Compression socks are very popular amongst athletes, particularly triathletes and endurance runners.
These socks create compressive pressure around the muscles, bones and connective tissue of the lower limb.
Traditionally most compression running socks provide compression which is highest around the ankle and then reduces gradually up to the top of the sock just below the knee.
However now some companies are producing socks where the compression is progressive up the leg – ie lower compression around the ankle and higher around the belly of the calf muscles.
The theory here is that pressure around the ankle is unlikely to offer much compression to the veins as the bony structures of your ankle inhibit this. In addition higher pressure on the calf muscles is needed to have any effect on venous blood flow.
Levels Of Compression
There are different grades of compression, and most commercially available sports socks are fairly low level (around 15 - 20mmhg).
|Level of Compression||Use|
|8-15 mmhg light compression||Travelling|
|15-20 mmhg therapeutic compression||Sport|
|20-30 mmhg medical grade||Recovery from sport/medical use|
|30-40 mmhg medical grade||Medical use|
|40-50 mmhg medical grade||Severe medical cases only|
Socks which provide compression have been used for a long time in the medical setting, to treat deep vein thrombosis and venous problems. They have been proven to improve blood flow in the veins of the calves and reduce the accumulation of fluid beneath the skin.
During exercise the calf muscles contract and relax repeatedly. When the muscles contract, the pressure exerted on the veins pushes the blood through the one-way valves of the veins, enhancing the return of blood flow to the heart. Socks which provide compression are thought to enhance this pumping action.
It has been suggested that this enhanced blood flow would improve oxygenation of the muscles and improve the removal of waste products.
In the sporting world there is conflicting evidence of the usefulness of compression socks.
Research studies have found positive effects of compression running socks such as:
Equally however there have been studies that have found no beneficial effects of using compression socks.

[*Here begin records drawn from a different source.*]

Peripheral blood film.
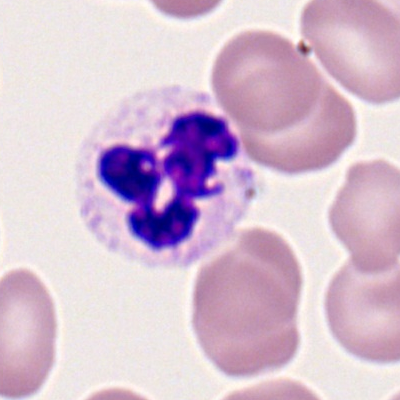
This is a polymorphonuclear neutrophil.
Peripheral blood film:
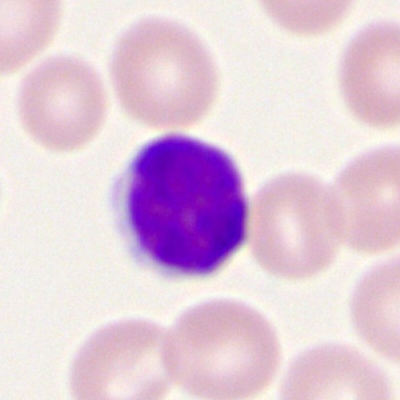A lymphocyte.
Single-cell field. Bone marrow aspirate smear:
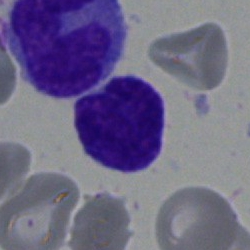
The cell type is typical lymphocyte.
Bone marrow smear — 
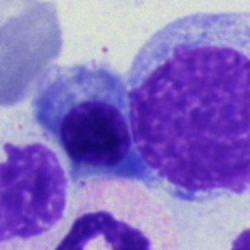Morphology consistent with a normoblast.
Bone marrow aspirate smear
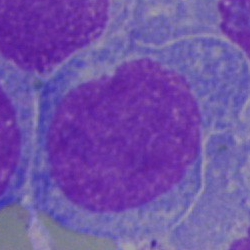 Specimen: bone marrow smear.
Classification: blast.
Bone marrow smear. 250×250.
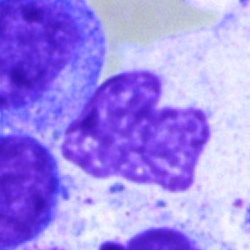Morphology consistent with an artefact.
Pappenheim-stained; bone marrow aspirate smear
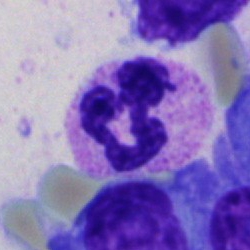Specimen: bone marrow smear.
Cell: polymorphonuclear neutrophil.
Lineage: myeloid.
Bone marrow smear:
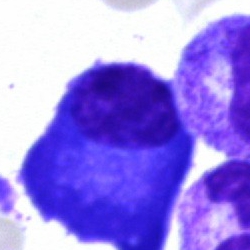Morphology — plasma cell.
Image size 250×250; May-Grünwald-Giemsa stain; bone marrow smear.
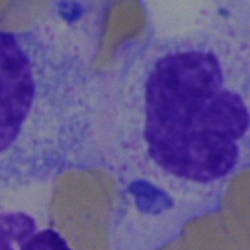 Specimen: bone marrow smear.
Cell: artifact.
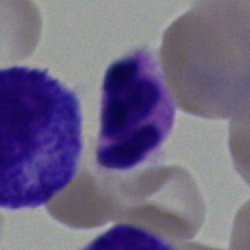A segmented neutrophil.
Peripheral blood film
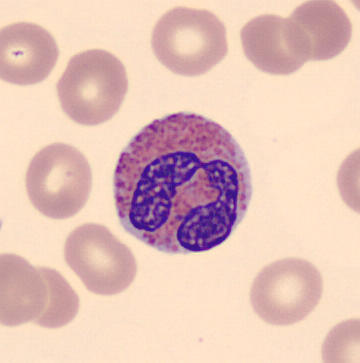

Cell type = eosinophil.
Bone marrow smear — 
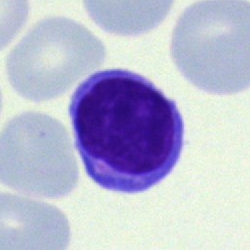
Showing a lymphocyte.
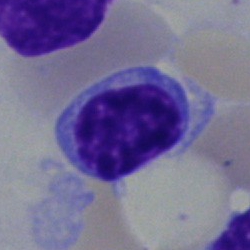 Q: What type of cell is this?
A: Lymphocyte.
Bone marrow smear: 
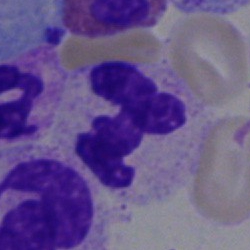
The morphological class is neutrophil (segmented).
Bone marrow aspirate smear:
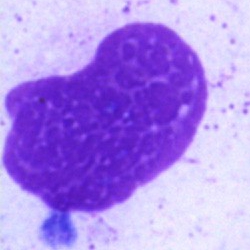

Impression → artefact.
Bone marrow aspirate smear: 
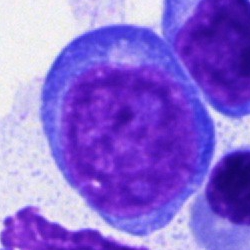

This is an undifferentiated blast.
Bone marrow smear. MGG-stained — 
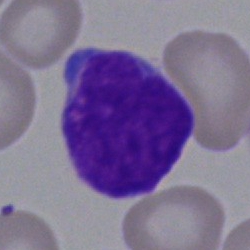
Undifferentiated blast.
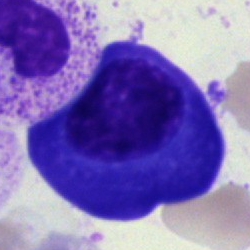
This is a plasma cell.
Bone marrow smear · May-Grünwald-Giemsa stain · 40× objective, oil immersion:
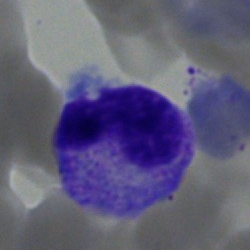
Morphology → neutrophil (band).
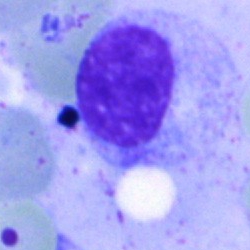

Morphology consistent with an artifact.
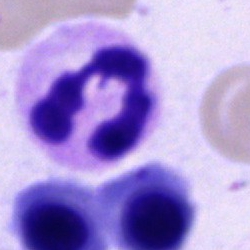 {"cell_type": "segmented neutrophil", "lineage": "myeloid"}
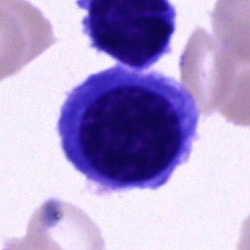 Q: What type of cell is this?
A: An erythroblast.
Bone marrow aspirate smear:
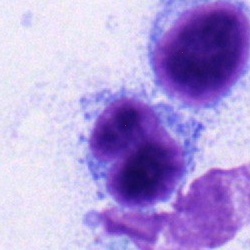

Classification = lymphocyte.
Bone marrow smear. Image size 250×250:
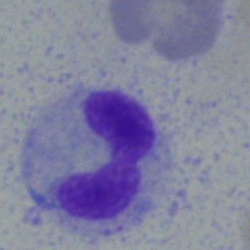Q: Identify the cell.
A: A neutrophil (segmented).
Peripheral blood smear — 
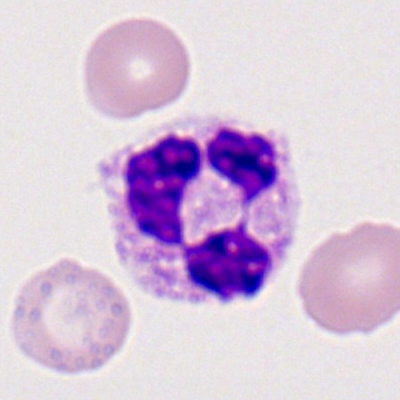 Morphology → polymorphonuclear neutrophil.
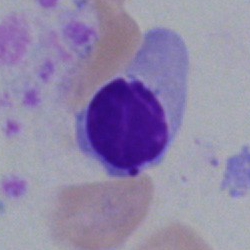 {"cell_type": "artifact"}
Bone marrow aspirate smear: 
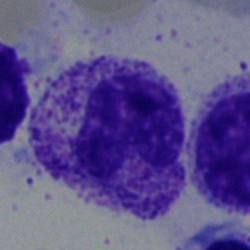
Morphological class — myelocyte.
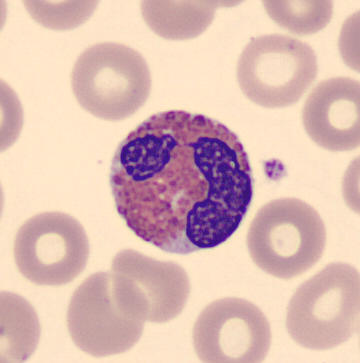

Specimen: peripheral blood smear.
Classification: eosinophilic granulocyte.
Lineage: myeloid.

Imaged on a CellaVision DM96 analyser.
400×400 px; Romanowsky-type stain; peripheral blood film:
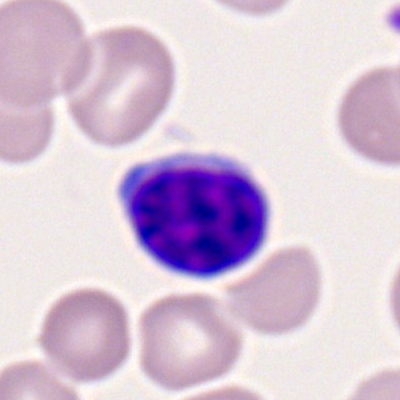

Q: Which cell type is shown here?
A: Lymphocyte.
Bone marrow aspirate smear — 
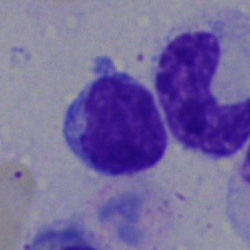

Specimen: bone marrow aspirate smear.
Classification: typical lymphocyte.
Lineage: lymphoid.
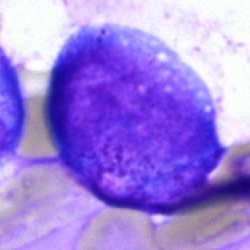Single cell identified as a promyelocyte.
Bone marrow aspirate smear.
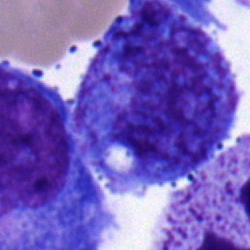 Cell: promyelocyte.
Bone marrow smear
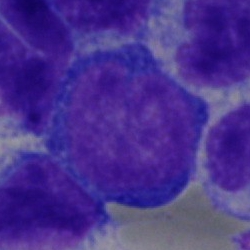 {"cell_type": "normoblast"}
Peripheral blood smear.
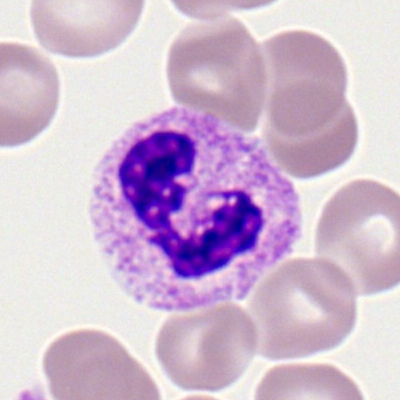

The cell shown is a segmented neutrophil.
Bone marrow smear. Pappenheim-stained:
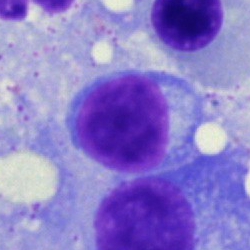
Morphology — typical lymphocyte.
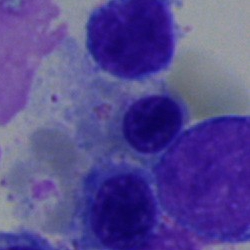Q: What is the morphological classification of this cell?
A: A normoblast.
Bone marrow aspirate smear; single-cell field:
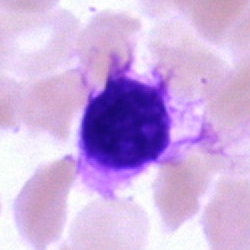Morphological class = artefact.
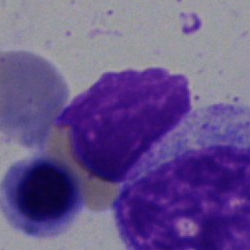
Bone marrow smear showing an artefact.
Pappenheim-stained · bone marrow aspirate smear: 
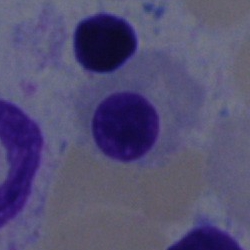A normoblast.
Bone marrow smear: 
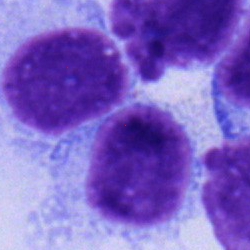 Specimen: bone marrow aspirate smear.
Classification: lymphocyte.
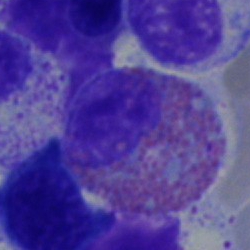 Single cell identified as an eosinophilic granulocyte.
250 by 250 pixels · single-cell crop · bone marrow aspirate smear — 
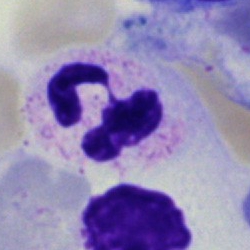
Single cell identified as a polymorphonuclear neutrophil.
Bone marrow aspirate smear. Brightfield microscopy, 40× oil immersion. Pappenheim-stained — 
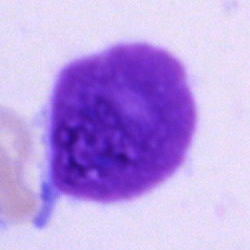 Q: What is shown here?
A: An artefact.
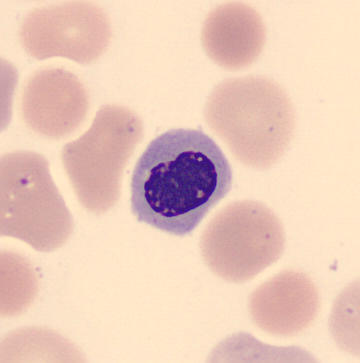{"cell_type": "nucleated red cell", "lineage": "erythroid"}
Preparation: Peripheral blood film.
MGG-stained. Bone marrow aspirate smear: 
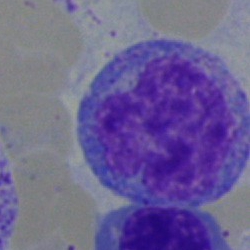
Cell — monocyte.
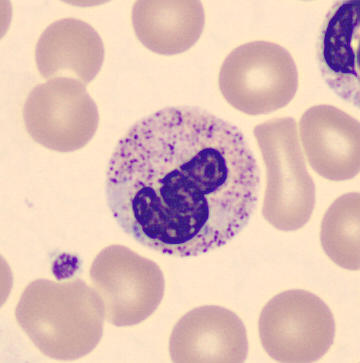Peripheral blood film. Cropped to a single cell.

The classification is band neutrophil.
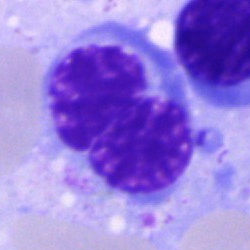Bone marrow aspirate smear, single cell — erythroblast.
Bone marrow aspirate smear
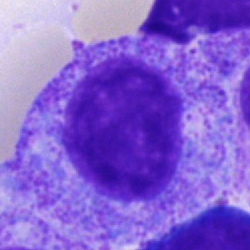 Morphology — progranulocyte.
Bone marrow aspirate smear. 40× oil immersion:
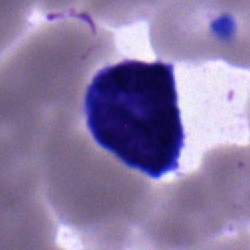

Morphology consistent with an undifferentiated blast.
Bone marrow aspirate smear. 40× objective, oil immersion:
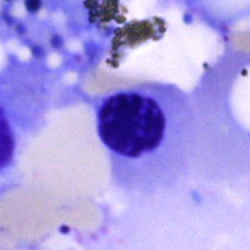Q: What cell is this?
A: Nucleated red cell.
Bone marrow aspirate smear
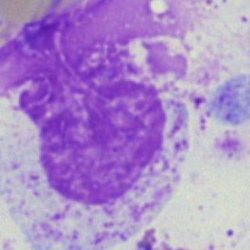
Specimen: bone marrow aspirate smear.
Cell type: artefact.
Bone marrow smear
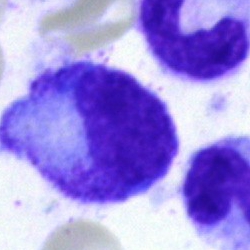Classification: progranulocyte.
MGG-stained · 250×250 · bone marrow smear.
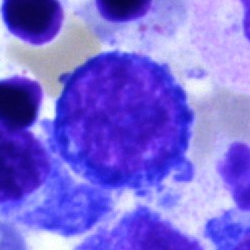

Morphology consistent with a proerythroblast.
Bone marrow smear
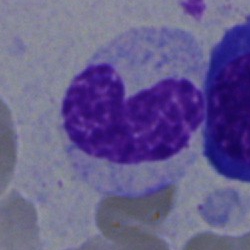 Morphological class = metamyelocyte.
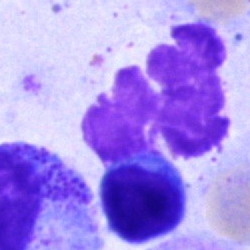Cell type = artifact.
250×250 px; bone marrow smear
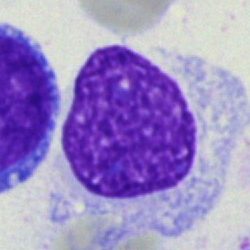Showing an artifact.
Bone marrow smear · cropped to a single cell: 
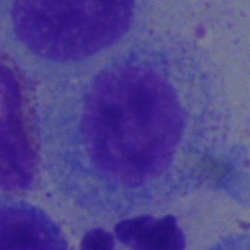 The cell type is myelocyte.
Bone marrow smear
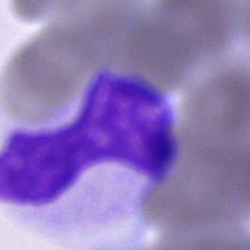This is an unidentifiable cell.
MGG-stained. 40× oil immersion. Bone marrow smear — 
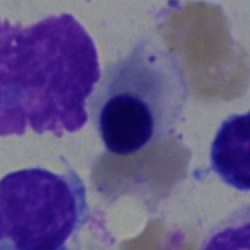
Impression → nucleated red blood cell.
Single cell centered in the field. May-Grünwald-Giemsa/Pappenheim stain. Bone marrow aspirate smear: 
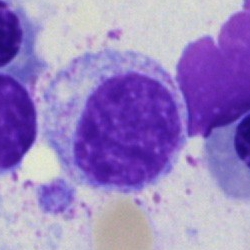Myelocyte.
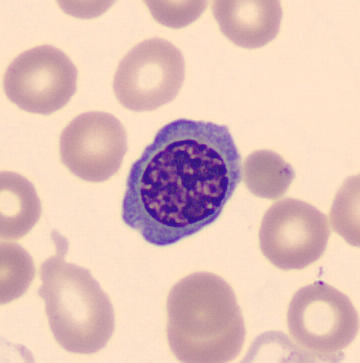

Cell — erythroblast.
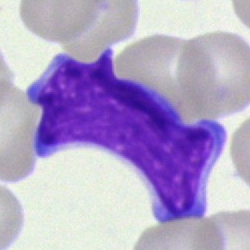 Morphology — blast cell.
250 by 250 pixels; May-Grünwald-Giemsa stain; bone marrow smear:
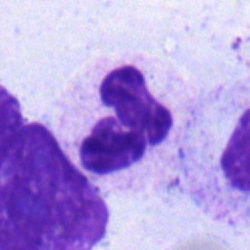Morphology consistent with a neutrophil (segmented).
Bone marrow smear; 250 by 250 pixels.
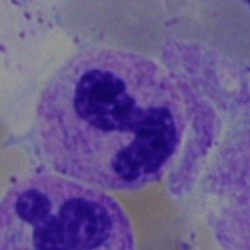
Impression → segmented neutrophil.
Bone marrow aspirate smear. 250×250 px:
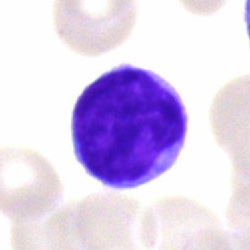

This is a lymphocyte.
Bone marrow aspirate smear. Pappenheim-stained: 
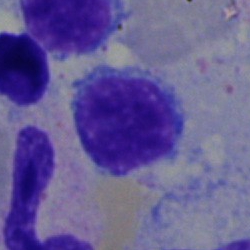 Q: What is the morphological classification of this cell?
A: Lymphocyte.
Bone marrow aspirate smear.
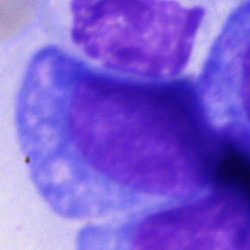 Cell of indeterminate lineage.
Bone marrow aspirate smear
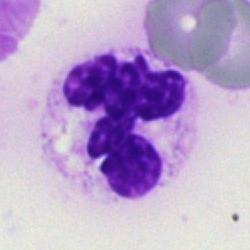

Classification: segmented neutrophil.
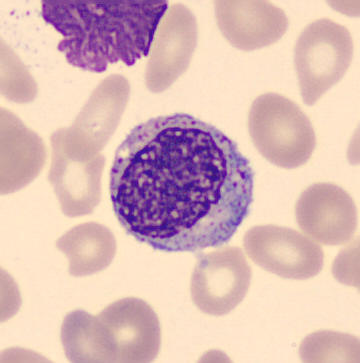
{"cell_type": "myelocyte"} Image: Peripheral blood film.

There does however appear to be a trend for those studies who haven’t found effects to have used lower grade compression, or their subjects have not done as challenging protocols as other studies, or they’ve run on a treadmill where the ground reaction forces (and therefore likelihood of muscle damage) are lower than road running.
What is clear is that no negative impact has been seen in any of these studies, even when used in the heat. Therefore wearing compression socks might help your performance but even if they don’t, they are unlikely to do any harm.
In theory, the key areas where wearing medical grade compression socks can help in sport are:
If you do decide to use compression socks, here is some information to help you get the most out of them.
The level of compression will influence the effectiveness of the socks. Some manufacturers sell them by foot size. This is not going to be ideal, as two people with the same sized feet could have very differently sized calves, and therefore will get a different compression level from the same sized socks.
Some manufacturers allow you to select your sock size by usingmeasurements of your calf and ankle. This is a much better option.
Nowadays some companies are producing custom-made compression garments, and these are the best option, as they will be made to provide exactly the stated compression level no matter your leg size.
There are two options of compression grading. Most companies provide socks where the compression degrades (ie gets lower the higher up the sock), but now you can buy ones that have progressive compression, with higher compression around the calf muscle rather than around the ankle.
There has been limited research comparing the two types of sock, so it really is a case of trying a pair and deciding if they work for you.
When you put your socks on, ensure the top of the sock is just below your knee. If the sock appears too long, do not fold it over at the top, this will change the compression level. Instead, position the top of the sock just below your knee, then manipulate the sock until the material is smoothed out evenly the length of your calf.
In general it appears that the ideal compression for socks used during activity is 20mmhg, with a slightly higher compression level (25mmhg) being better for use during recovery from exercise.
Racing: An important point to note if you are a fan of compression socks, is that they are banned in triathlon races by the ITU.
Any form of sock is classed as ‘illegal equipment’ for the swim. So if you do want to use compression for your lower legs you will need to look at the footless,‘calf guard’ options.
Training: It would appear that beneficial effects of socks which provide compression would be most likely to be seen if you wear them for particularly long or hard running sessions. If you are returning from an injury to your calves, then the added support and compression the socks provide could be beneficial.
Recovery: Socks which provide compression can reduce muscle soreness, so put them on after a training session for 2 – 3 hours to enhance your recovery.
Remember there are many other techniques you can use to enhance recovery, you can find out more about them here.
Injury: Most people will be familiar with to ‘RICE’ guide to injuries – rest, ice, compression, elevation. Compression through the use of these socks can be useful if you have sprained or injured your ankle, damaged your calf muscles or have shin splints/compartment syndrome.
Travel: If you are going to be immobile for a long time whilst travelling, then these socks can be helpful at improving blood flow in the calves and reducing the swelling associated with long periods of inactivity. Don’t rely solely on your socks though, move around as much as you can (even clenching and relaxing your calf muscles whilst seated or circling your ankles and so on), and stay hydrated.